Cultured VSMC were immunostained with specific antibodies to I-receptor protein,15 PCNA (Sigma), or α-smooth muscle actin (Sigma) by the immunoperoxidase method. Briefly, cultures were fixed with 4% paraformaldehyde and blocks prepared with 0.5% BSA in 0.1 mol/L Tris-saline. Cultures were incubated overnight with antiserum to I-receptor protein, PCNA, or α-smooth muscle actin in 0.1% BSA containing Tris-saline at 4°C. Immunoreactivity was visualized by the sequential addition of (1) biotinylated anti-rabbit or anti-mouse IgG, 1:50 for 30 minutes; (2) avidin-biotin complex, 1:100 for 30 minutes in 0.1% BSA containing Tris-saline, pH 7.4; and (3) 3,3′-diaminobenzidine, 0.44 mg/100 mL Tris-saline with 10 μL of 30% hydrogen peroxide. Triton X-100 (0.1% to 0.3%) was included in all steps to permeabilize the tissue and improve antibody penetration. Cultures were rinsed in Tris-saline between each incubation, dehydrated, and mounted.
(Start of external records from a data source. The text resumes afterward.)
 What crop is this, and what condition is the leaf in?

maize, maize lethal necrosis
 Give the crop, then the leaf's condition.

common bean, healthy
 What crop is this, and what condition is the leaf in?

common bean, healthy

Measurement of Proliferation
Proliferation of VSMC was assessed by measuring the replication of DNA by 3H-thymidine incorporation, the expression of proliferating cell nuclear antigen (PCNA), and the assay of cell number by MTT.
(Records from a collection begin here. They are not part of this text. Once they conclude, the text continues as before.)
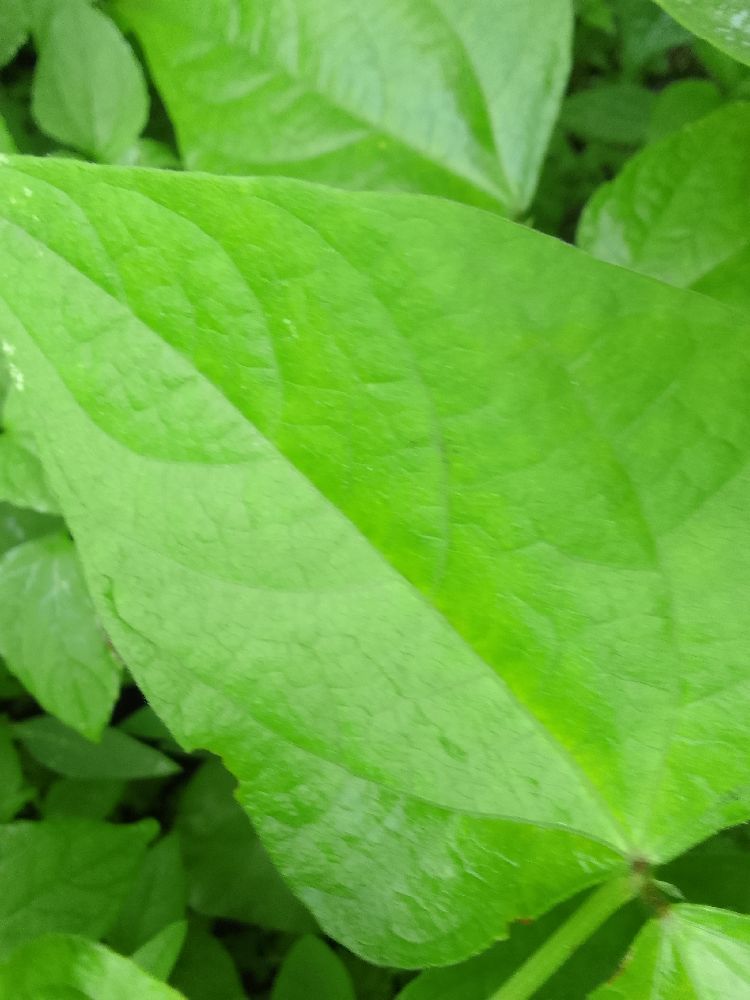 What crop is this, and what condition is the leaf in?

common bean, healthy
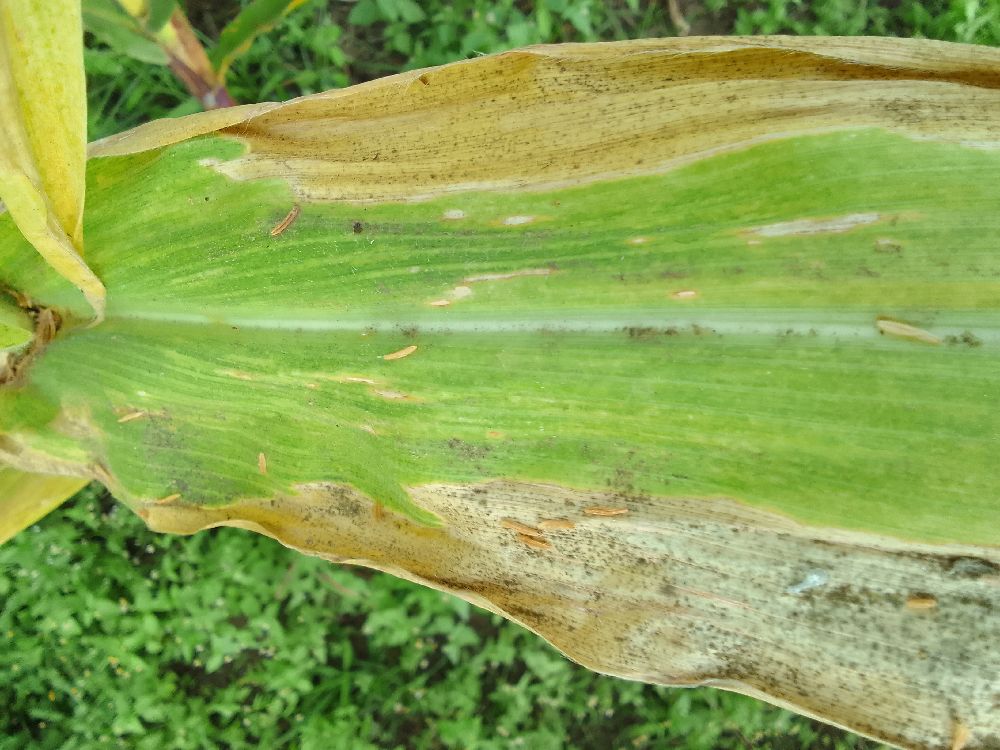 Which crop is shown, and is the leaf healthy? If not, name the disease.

maize, maize lethal necrosis
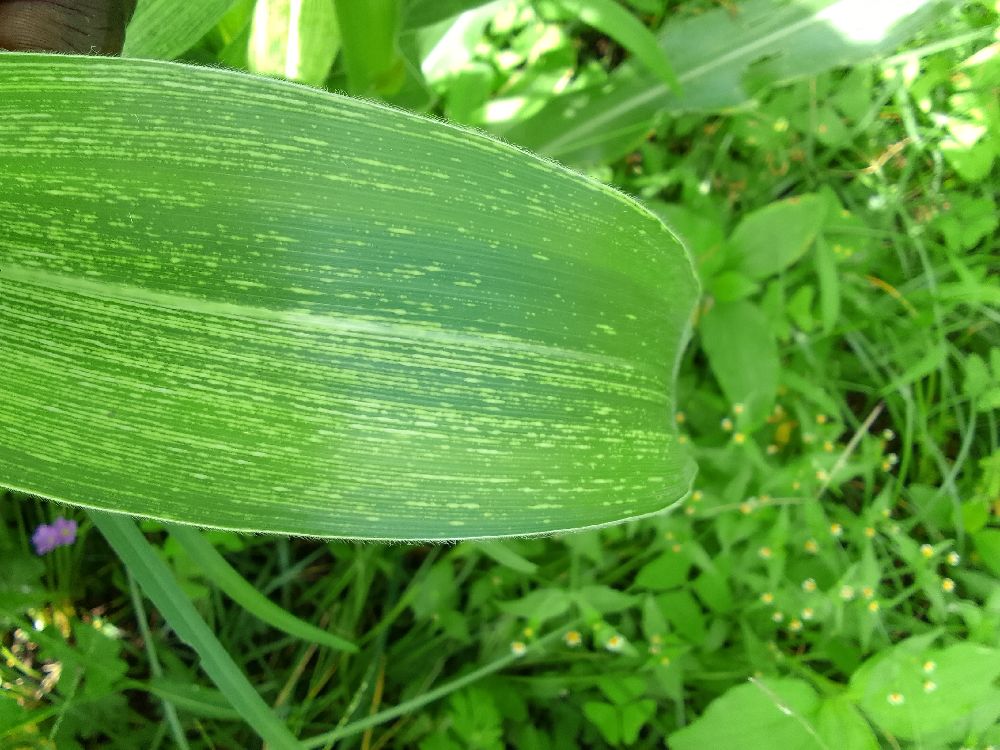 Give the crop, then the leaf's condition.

maize, maize streak virus
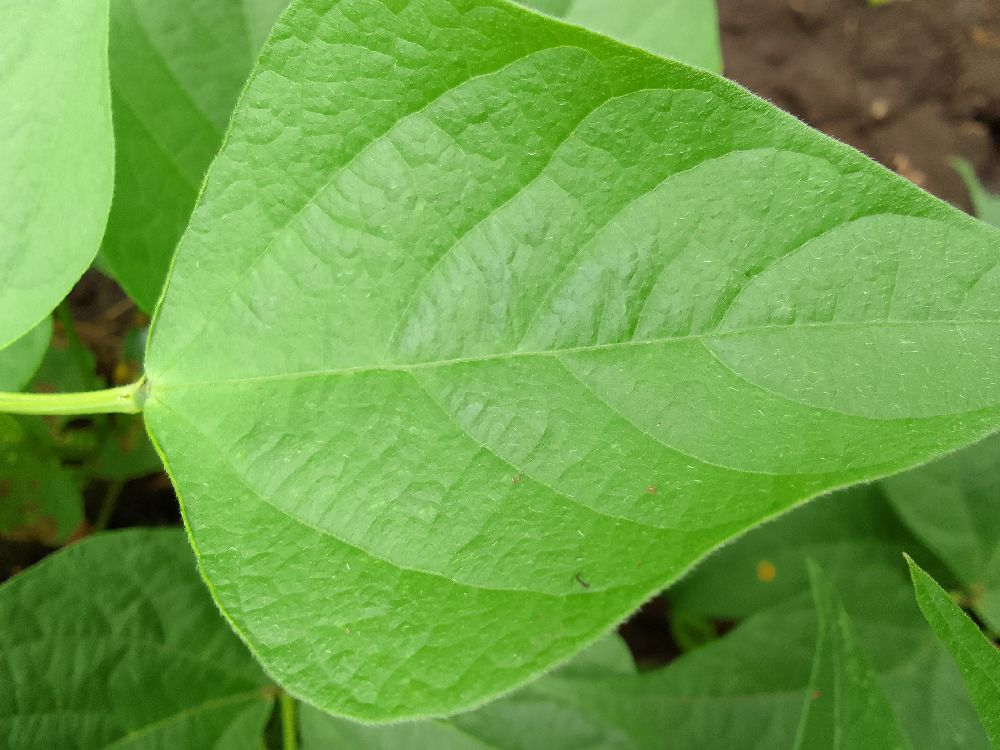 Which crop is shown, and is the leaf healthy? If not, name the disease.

Methods for measurement of the incorporation of 3H-thymidine (DNA synthesis) and cell proliferation assays are described elsewhere.3 Briefly, cells were plated onto 24-well plates at a density of approximately 30 000 cells/well in Dulbecco’s modified Eagle’s medium in 10% FCS. After 48 hours, the cells were starved in 0.5% FCS for another 48 hours to decrease proliferation and induce quiescence. Drugs were added for a total period of 72 hours and 3H-thymidine (2 μCi/mL) added during the last 4 hours of incubation. The medium was aspirated and the cells washed three times with PBS and twice with ice-cold 10% trichloroacetic acid. Fixed cells were then solubilized in 0.2 mol/L NaOH and sonicated. An aliquot was used for scintillation counting.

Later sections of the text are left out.